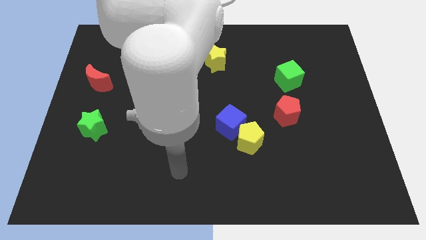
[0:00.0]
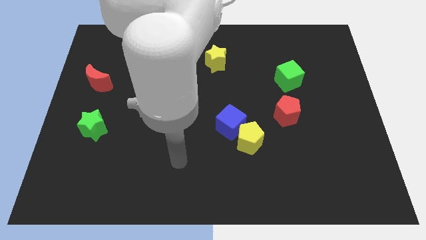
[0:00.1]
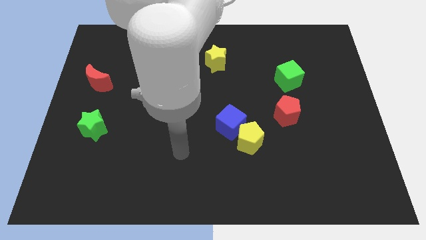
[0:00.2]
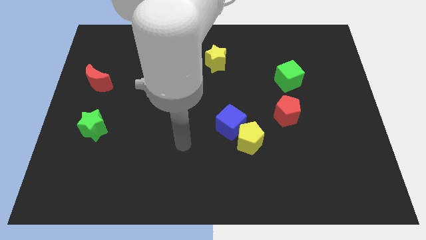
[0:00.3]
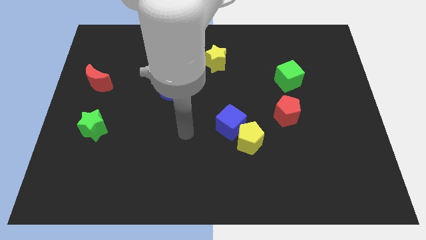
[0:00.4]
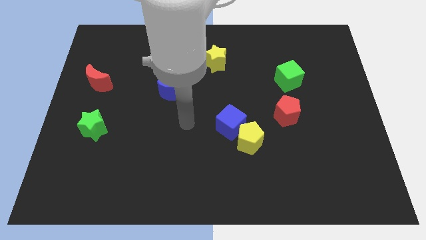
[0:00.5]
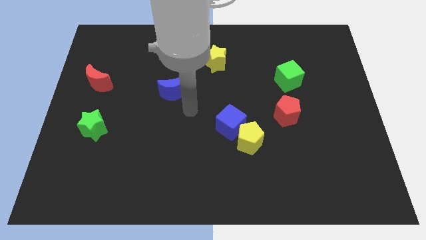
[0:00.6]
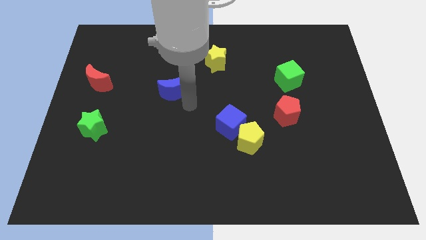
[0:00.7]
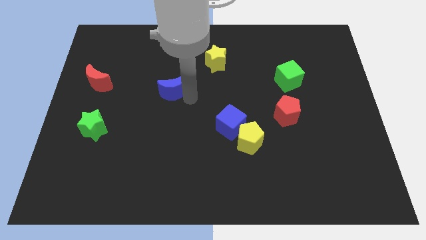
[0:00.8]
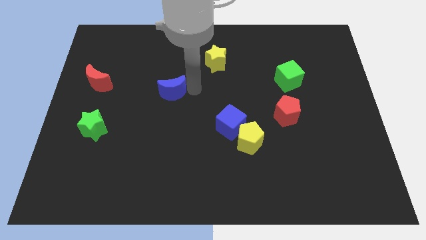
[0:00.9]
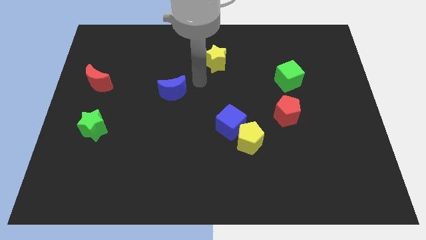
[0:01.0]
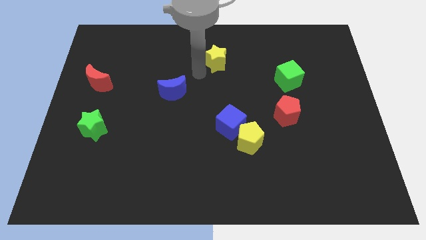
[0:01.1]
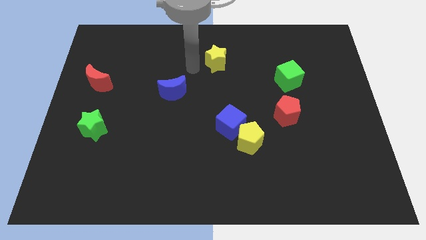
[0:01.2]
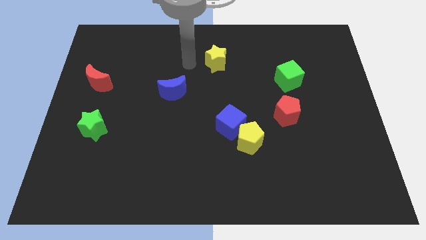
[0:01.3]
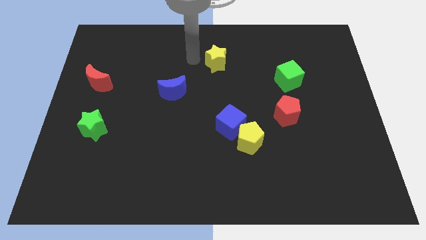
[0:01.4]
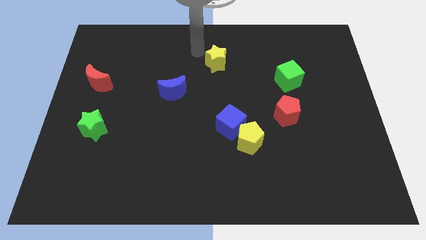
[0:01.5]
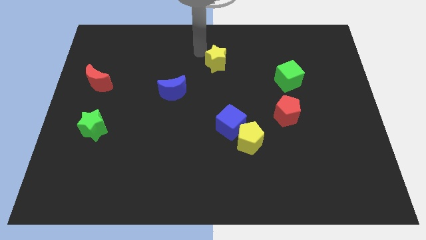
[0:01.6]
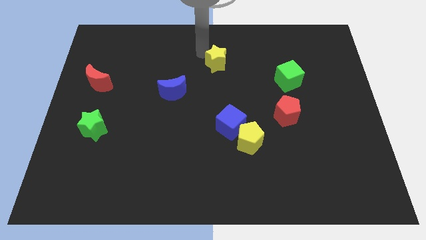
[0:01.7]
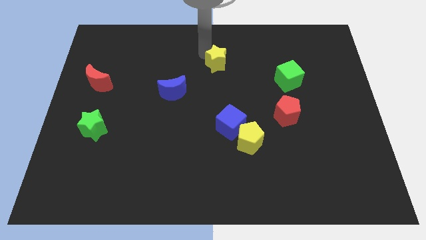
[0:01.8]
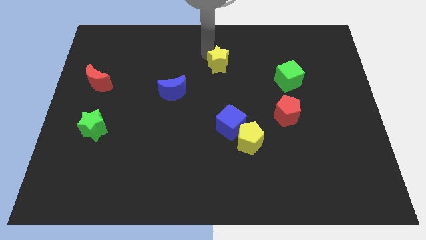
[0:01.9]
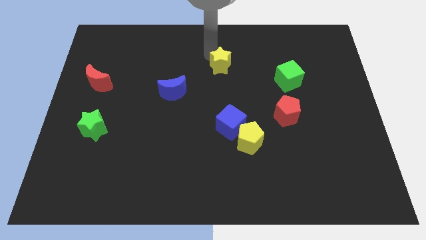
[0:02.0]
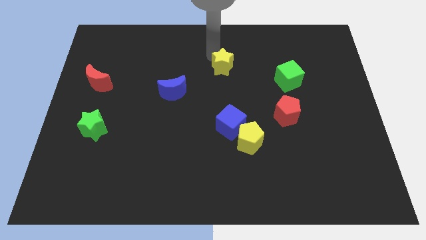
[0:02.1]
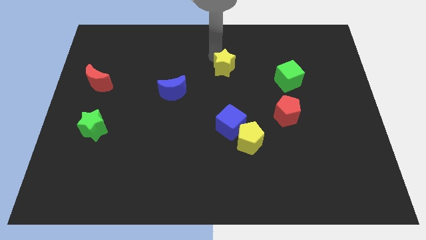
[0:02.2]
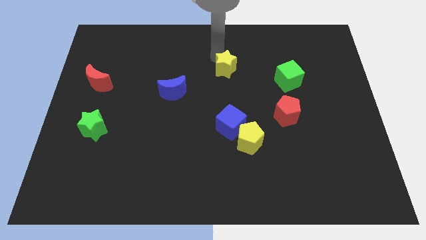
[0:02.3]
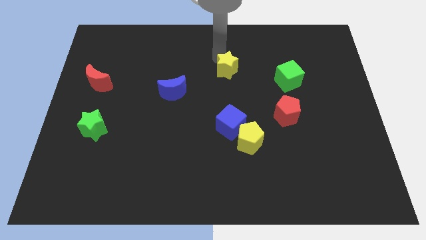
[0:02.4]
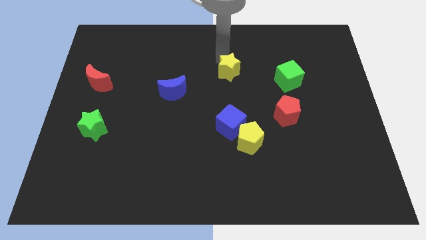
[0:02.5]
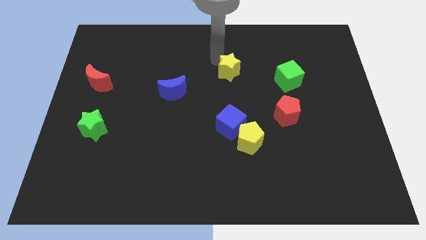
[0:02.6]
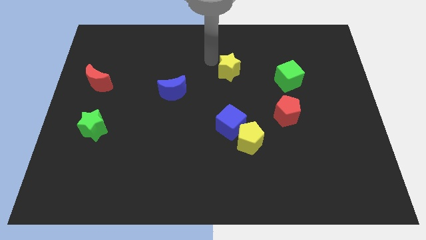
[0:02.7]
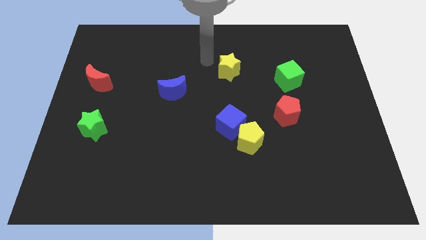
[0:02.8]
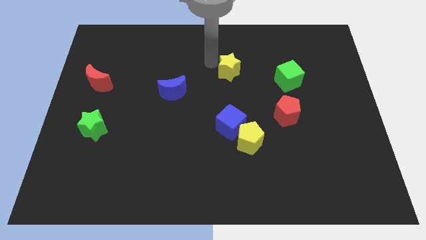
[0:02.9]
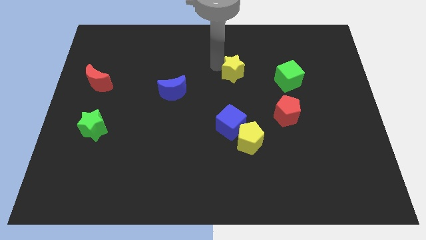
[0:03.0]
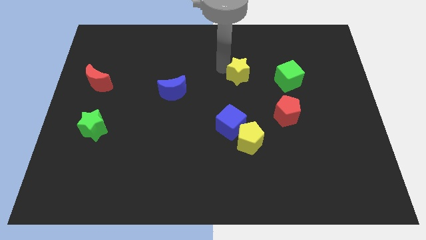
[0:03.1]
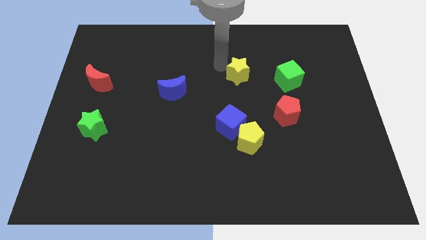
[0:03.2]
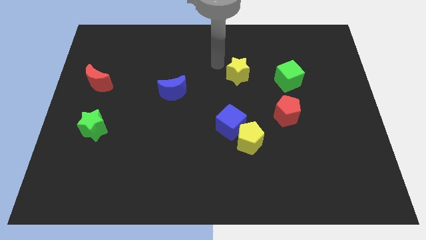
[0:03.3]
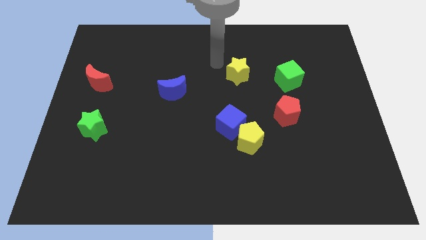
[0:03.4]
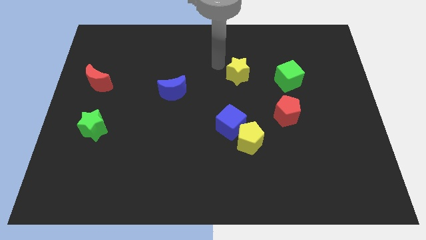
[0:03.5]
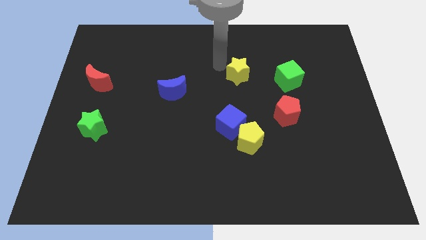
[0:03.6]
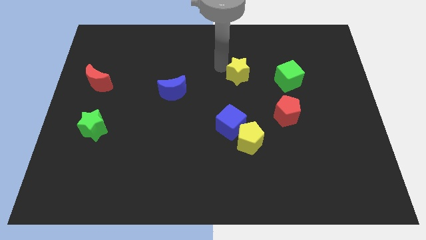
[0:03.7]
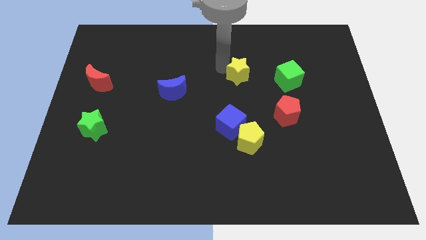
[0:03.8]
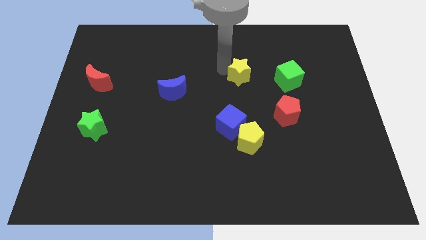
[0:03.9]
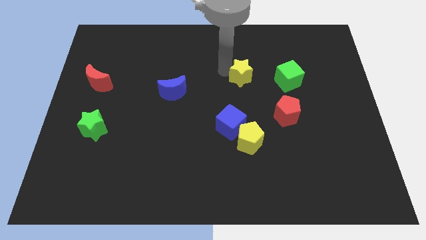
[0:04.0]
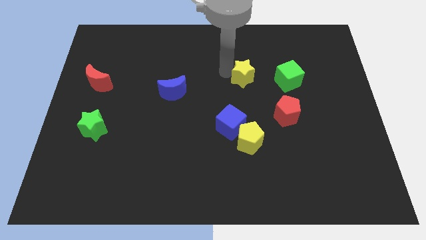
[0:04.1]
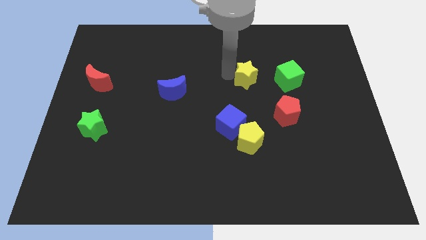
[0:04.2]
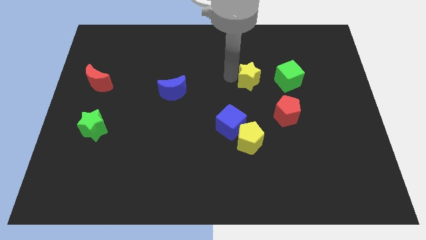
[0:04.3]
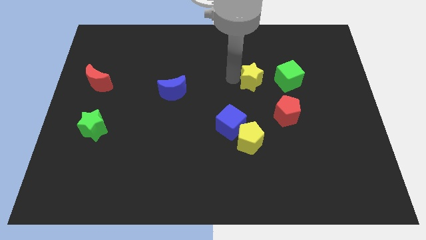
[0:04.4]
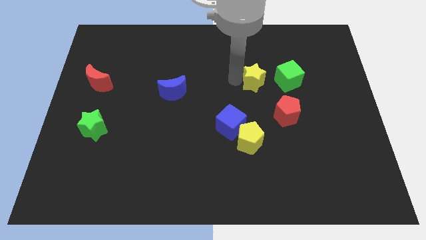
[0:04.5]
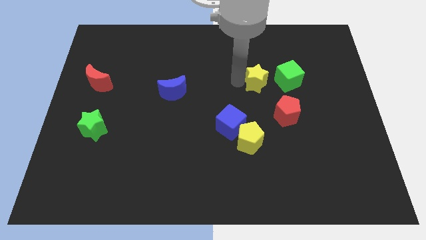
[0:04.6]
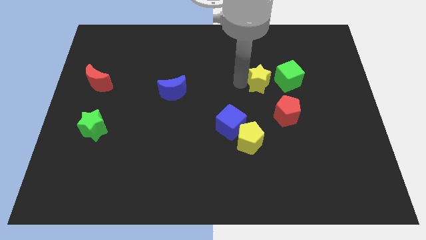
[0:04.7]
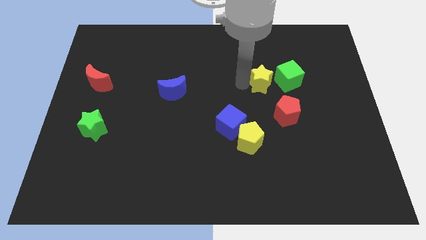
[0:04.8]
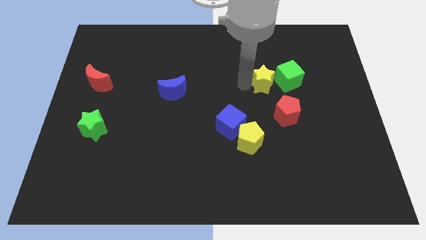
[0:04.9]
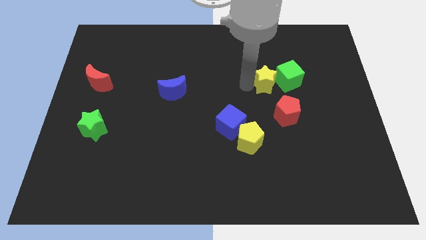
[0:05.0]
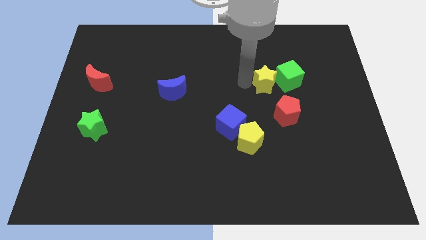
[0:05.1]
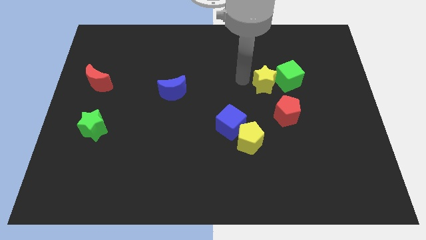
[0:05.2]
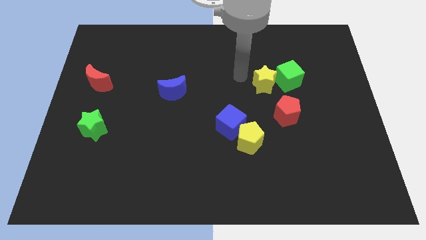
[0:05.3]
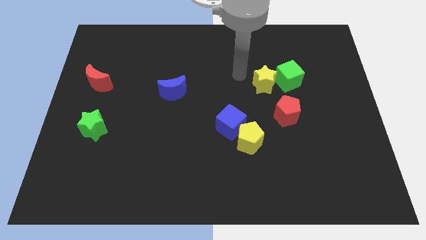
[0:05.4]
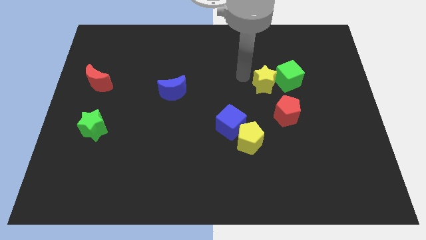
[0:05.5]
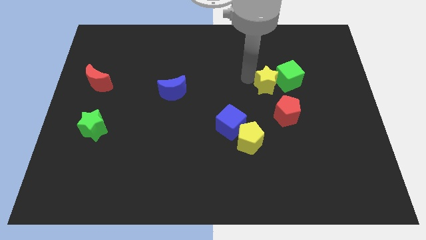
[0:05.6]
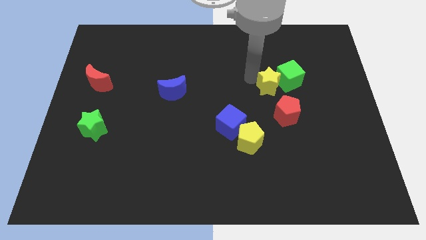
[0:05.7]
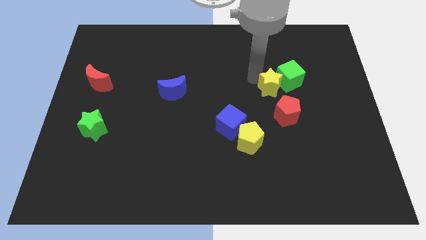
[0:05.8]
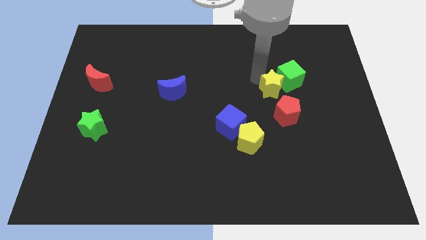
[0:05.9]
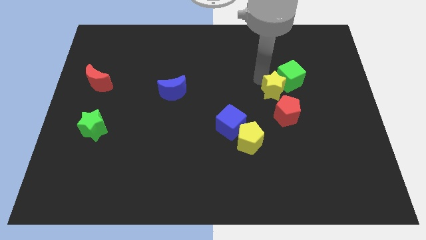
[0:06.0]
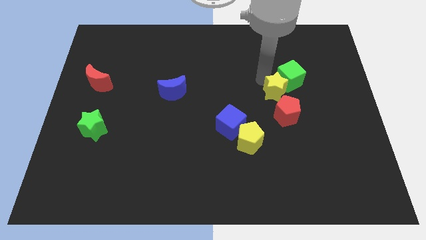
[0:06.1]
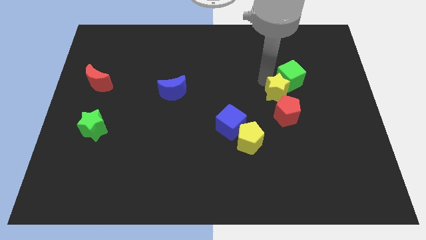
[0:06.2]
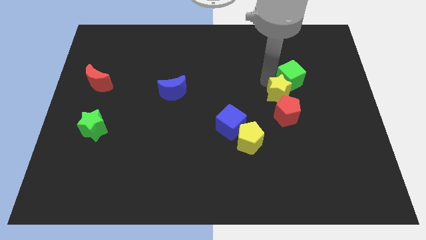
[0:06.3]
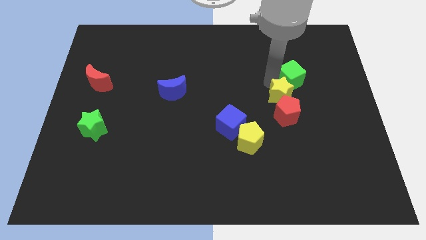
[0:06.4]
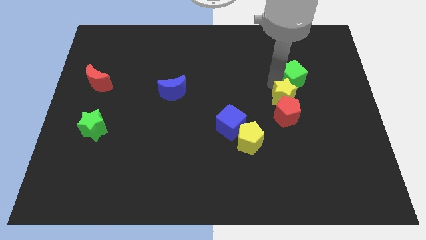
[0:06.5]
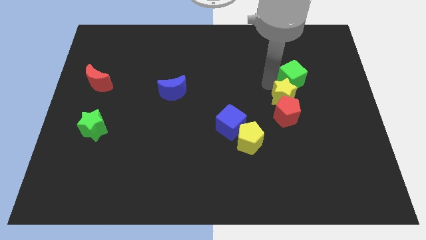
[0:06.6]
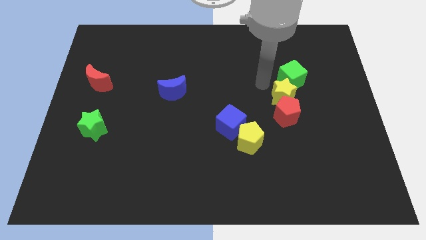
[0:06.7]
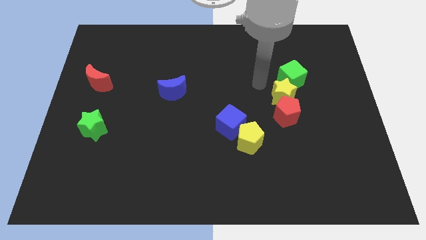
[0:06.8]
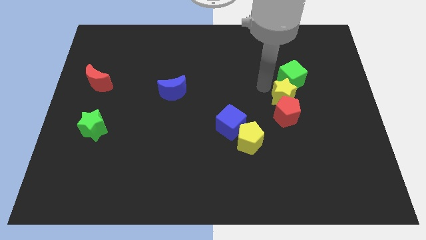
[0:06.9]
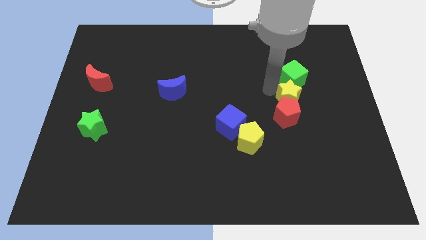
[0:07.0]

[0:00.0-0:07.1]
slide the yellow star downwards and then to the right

****************************************

Try it: Render the data above verbatim and without pictures.

Solution to this problem:
[0:00.0]
[0:00.1]
[0:00.2]
[0:00.3]
[0:00.4]
[0:00.5]
[0:00.6]
[0:00.7]
[0:00.8]
[0:00.9]
[0:01.0]
[0:01.1]
[0:01.2]
[0:01.3]
[0:01.4]
[0:01.5]
[0:01.6]
[0:01.7]
[0:01.8]
[0:01.9]
[0:02.0]
[0:02.1]
[0:02.2]
[0:02.3]
[0:02.4]
[0:02.5]
[0:02.6]
[0:02.7]
[0:02.8]
[0:02.9]
[0:03.0]
[0:03.1]
[0:03.2]
[0:03.3]
[0:03.4]
[0:03.5]
[0:03.6]
[0:03.7]
[0:03.8]
[0:03.9]
[0:04.0]
[0:04.1]
[0:04.2]
[0:04.3]
[0:04.4]
[0:04.5]
[0:04.6]
[0:04.7]
[0:04.8]
[0:04.9]
[0:05.0]
[0:05.1]
[0:05.2]
[0:05.3]
[0:05.4]
[0:05.5]
[0:05.6]
[0:05.7]
[0:05.8]
[0:05.9]
[0:06.0]
[0:06.1]
[0:06.2]
[0:06.3]
[0:06.4]
[0:06.5]
[0:06.6]
[0:06.7]
[0:06.8]
[0:06.9]
[0:07.0]

[0:00.0-0:07.1]
slide the yellow star downwards and then to the right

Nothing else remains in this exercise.